Non-independent samples

Non-independent samples can also be a potential bias source (Waples, personal communications). For non-independent samples due to random sampling, there is not extra bias. For non-independent samples due to non-random sampling, e.g., the relatives are more likely to be together sampled, extra bias is introduced.

We performed a simple simulation to show such bias, the results with different sampling strategies (random sampling, pair sampling of relatives) are compared. The bias of \(\hat V\) is increased under non-random sampling at a low sample size and approaches that under random sampling as n increases (Supplementary Fig. S6). Such bias is mainly due to the overestimation of \(\hat r_{\Delta}^2\) and \(\hat {\Delta}^2\) .
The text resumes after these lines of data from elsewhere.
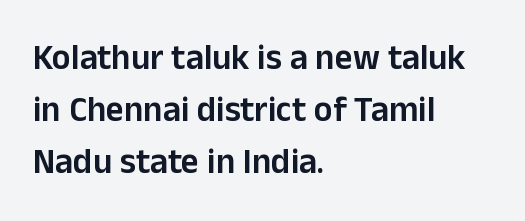
{"serif": "no", "italic": "no", "bold": "semi", "weight": "semibold", "width": "normal", "stroke_contrast": "low", "x_height": "medium", "monospaced": "no", "underline": "no", "align": "left", "line_spacing": "normal", "line_spacing_ratio": 1.49, "letter_spacing": "normal", "letter_spacing_em": 0.0, "glyph_px": 35}
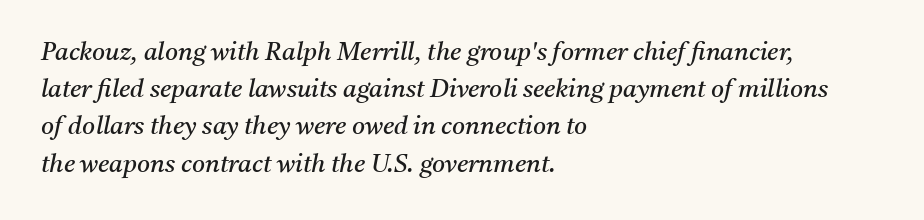
Q: Is the text bold? A: No.
Q: Is the text italic (slanted)? A: Yes, it leans right by about 11 degrees.
Q: Is the text underlined? A: No.
Q: How is the paragraph aligned? A: Left-aligned.
Q: Is the spacing between letters normal or unusually wide? A: Normal.
Q: Is the spacing between lines tight, normal or loose? A: Normal.

We derived the LD moments under pair sampling of clones in Supplementary Appendix K. The LD moments under non-random sampling are related to the sample size, the probability of non-random sampling, the types of relatives, the single and the double non-identity coefficients, the allele probability product pq, and the heterozygosities. Therefore, d2 and δ2 cannot be derived by the method used in this manuscript, i.e., Eq. (5), and the elimination of such bias can be a direction of future studies.